(Stored records)
§

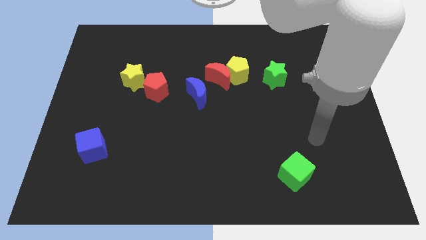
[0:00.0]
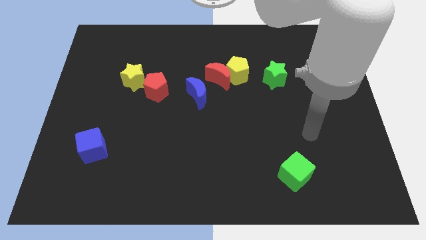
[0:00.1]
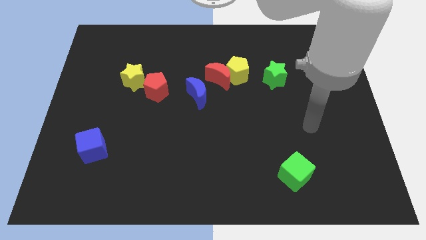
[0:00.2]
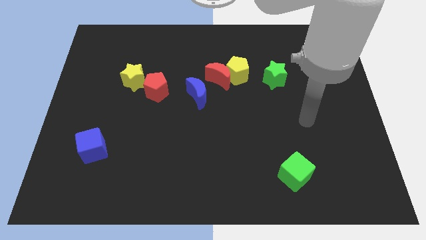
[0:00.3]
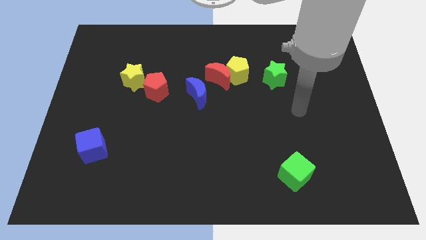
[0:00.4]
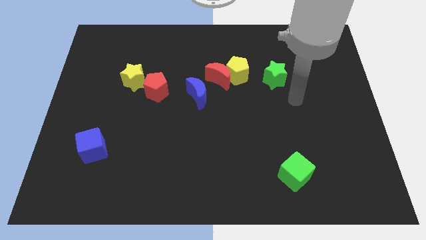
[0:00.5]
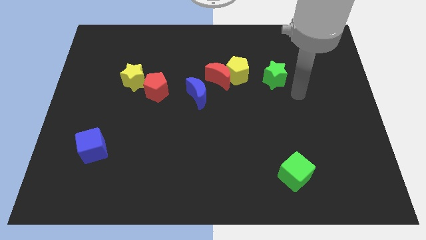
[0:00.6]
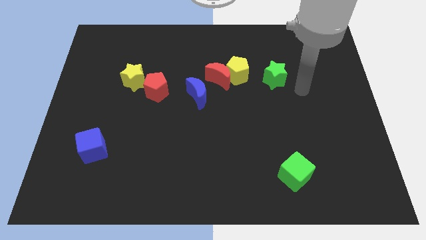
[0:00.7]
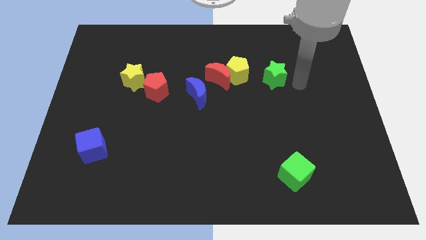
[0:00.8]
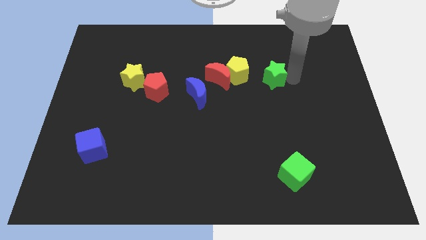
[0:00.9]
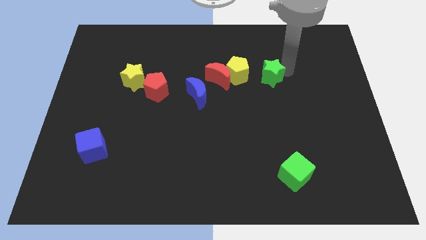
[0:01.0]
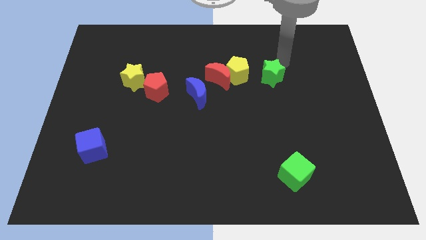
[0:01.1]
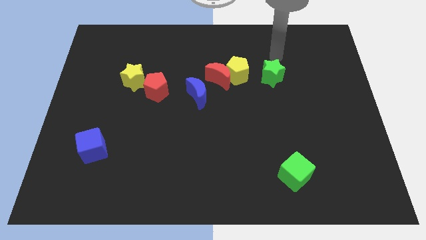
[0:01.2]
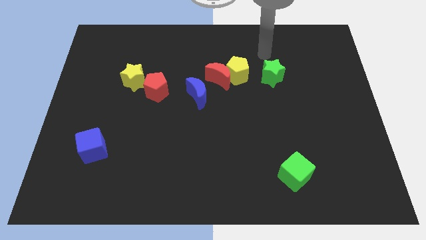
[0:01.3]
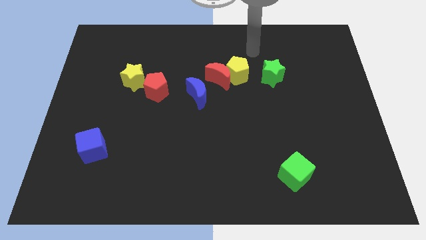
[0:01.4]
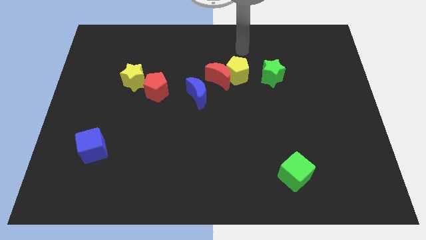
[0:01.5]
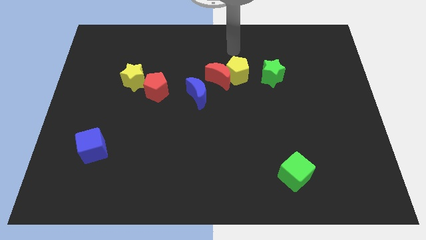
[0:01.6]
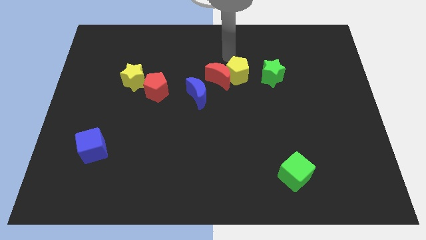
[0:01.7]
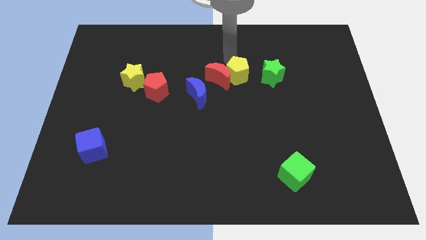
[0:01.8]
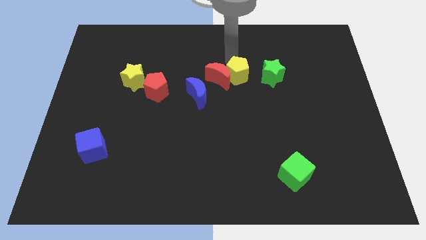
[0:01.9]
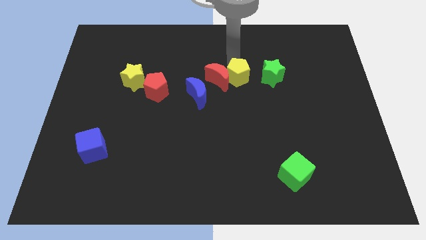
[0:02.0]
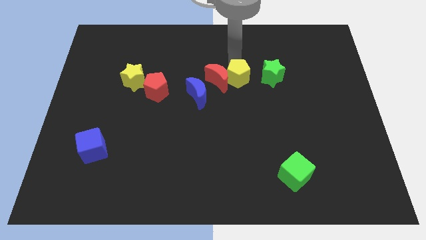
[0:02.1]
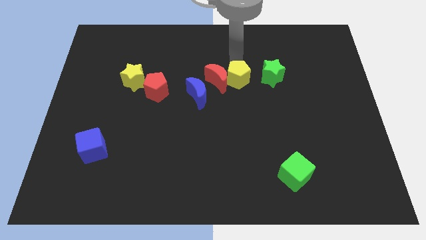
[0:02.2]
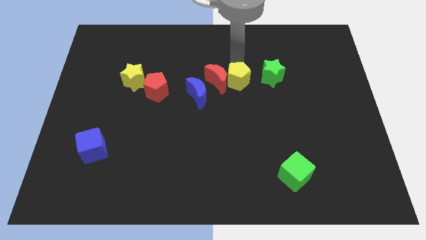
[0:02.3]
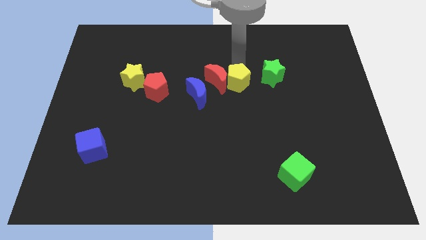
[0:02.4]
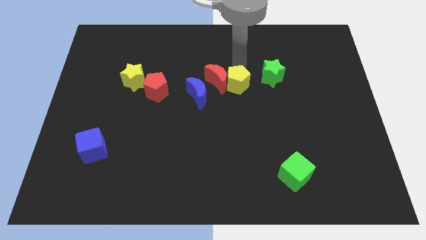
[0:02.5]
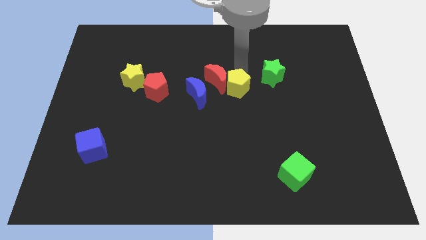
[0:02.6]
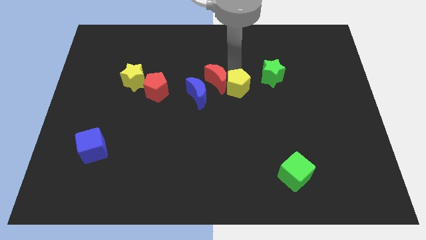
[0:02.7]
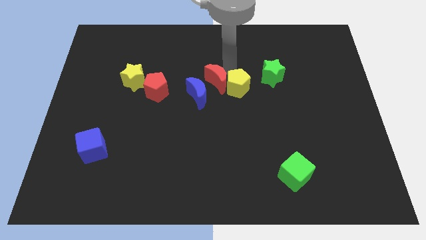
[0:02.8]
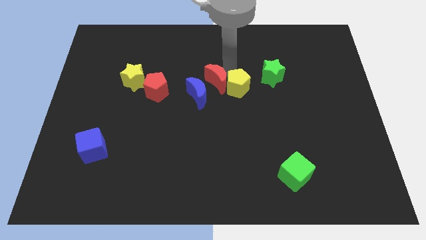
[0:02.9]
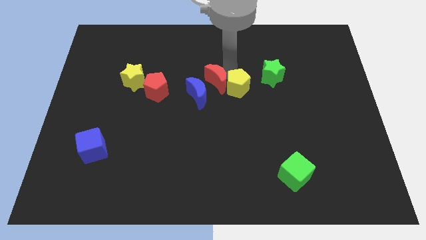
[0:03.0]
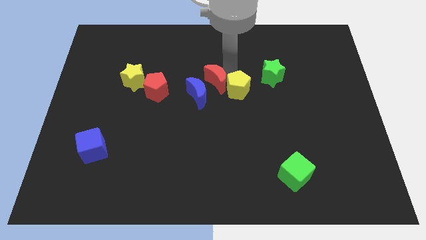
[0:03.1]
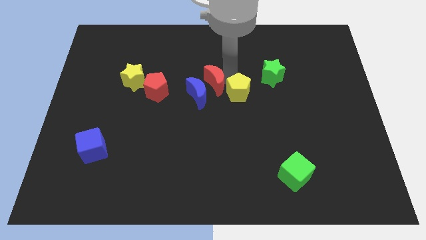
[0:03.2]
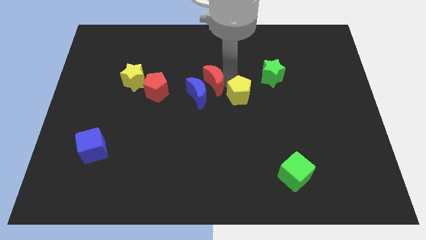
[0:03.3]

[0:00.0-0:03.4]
slightly push the yellow pentagon down

§

**REQUIRED WORK:** If an entry holds a picture, skip the picture and print the rest of the data exactly.

**RESULT:**
[0:00.0]
[0:00.1]
[0:00.2]
[0:00.3]
[0:00.4]
[0:00.5]
[0:00.6]
[0:00.7]
[0:00.8]
[0:00.9]
[0:01.0]
[0:01.1]
[0:01.2]
[0:01.3]
[0:01.4]
[0:01.5]
[0:01.6]
[0:01.7]
[0:01.8]
[0:01.9]
[0:02.0]
[0:02.1]
[0:02.2]
[0:02.3]
[0:02.4]
[0:02.5]
[0:02.6]
[0:02.7]
[0:02.8]
[0:02.9]
[0:03.0]
[0:03.1]
[0:03.2]
[0:03.3]

[0:00.0-0:03.4]
slightly push the yellow pentagon down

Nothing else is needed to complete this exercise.